Approval actions change the status of a document or workflow task. Depending on the module, actions can approve, reject, forward, request correction, or complete a processing step.

Before approving, users should verify the document, metadata, amount, responsible area, and any module-specific checks.

Common Decision Types

DecisionTypical meaning
ApproveConfirms the document or step and moves the workflow forward.
RejectDeclines the document or sends it back according to workflow rules.
Request correctionSends the document to another person or team for correction.
ForwardTransfers responsibility to another user or group.
CompleteMarks a non-approval task as done.
CancelStops or aborts a process, if allowed.

The exact labels can differ by module and customer configuration.

Before Approving

Users should verify the relevant information before approval.

For general documents, check:

  • correct document,
  • complete metadata,
  • readable preview,
  • correct client or project,
  • comments or previous decisions,
  • attachments or relations.

For invoices, also check:

  • supplier,
  • amount,
  • currency,
  • due date,
  • accounting assignment,
  • tax information,
  • responsible accounting area,
  • previous approval steps.

Why a Decision Button May Be Missing

An expected button may be missing because:

  • the document is in the wrong lifecycle state,
  • the user is not the current assignee,
  • the user lacks write permission,
  • the user's role does not allow this transition,
  • the workflow requires another step first,
  • mandatory metadata is missing,
  • the task is already completed,
  • the view is read-only.

If the document is visible but the action is missing, the issue is usually not read permission but workflow or write permission.

Comments on Decisions

Some decisions require or allow a comment. Use comments to explain why a document was rejected, forwarded, or corrected.
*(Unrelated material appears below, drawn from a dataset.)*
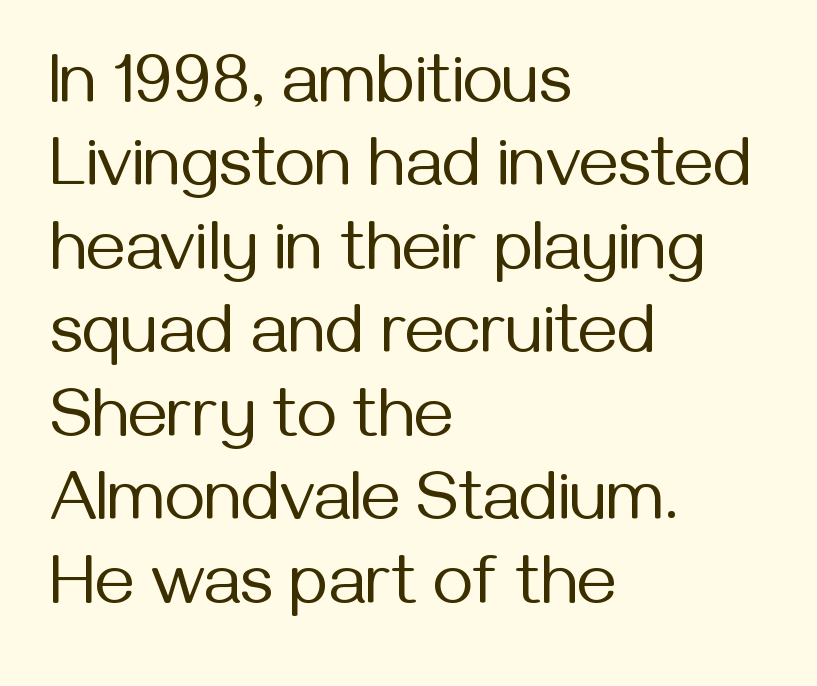
Honestly, the letter spacing is just normal — you wouldn't notice it. The rendering anchors every line to the left-hand side. The area under the type is left untouched. Classification — sans serif. The font is comparable to plain body text, perhaps lighter. Nope, not italic — everything's standing straight.
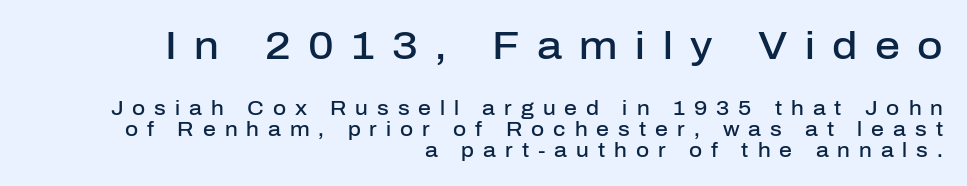
The image shows 39 px semibold sans-serif type, upright; set right-aligned, tight line spacing (1.06x), unusually wide letter spacing (+0.45 em), not underlined; the first (top) block is 1.95x larger; low stroke contrast and a medium x-height.

Good decision comments are factual and specific:

  • "Cost center missing; returned to accounting."
  • "Approved after checking delivery note."
  • "Forwarded to project owner for budget confirmation."

Audit Trail

Decisions are normally written to the audit trail. This ensures that later users can see who approved, rejected, corrected, or forwarded the document and when the action happened.

For compliance-relevant approvals, the audit trail is part of the business record.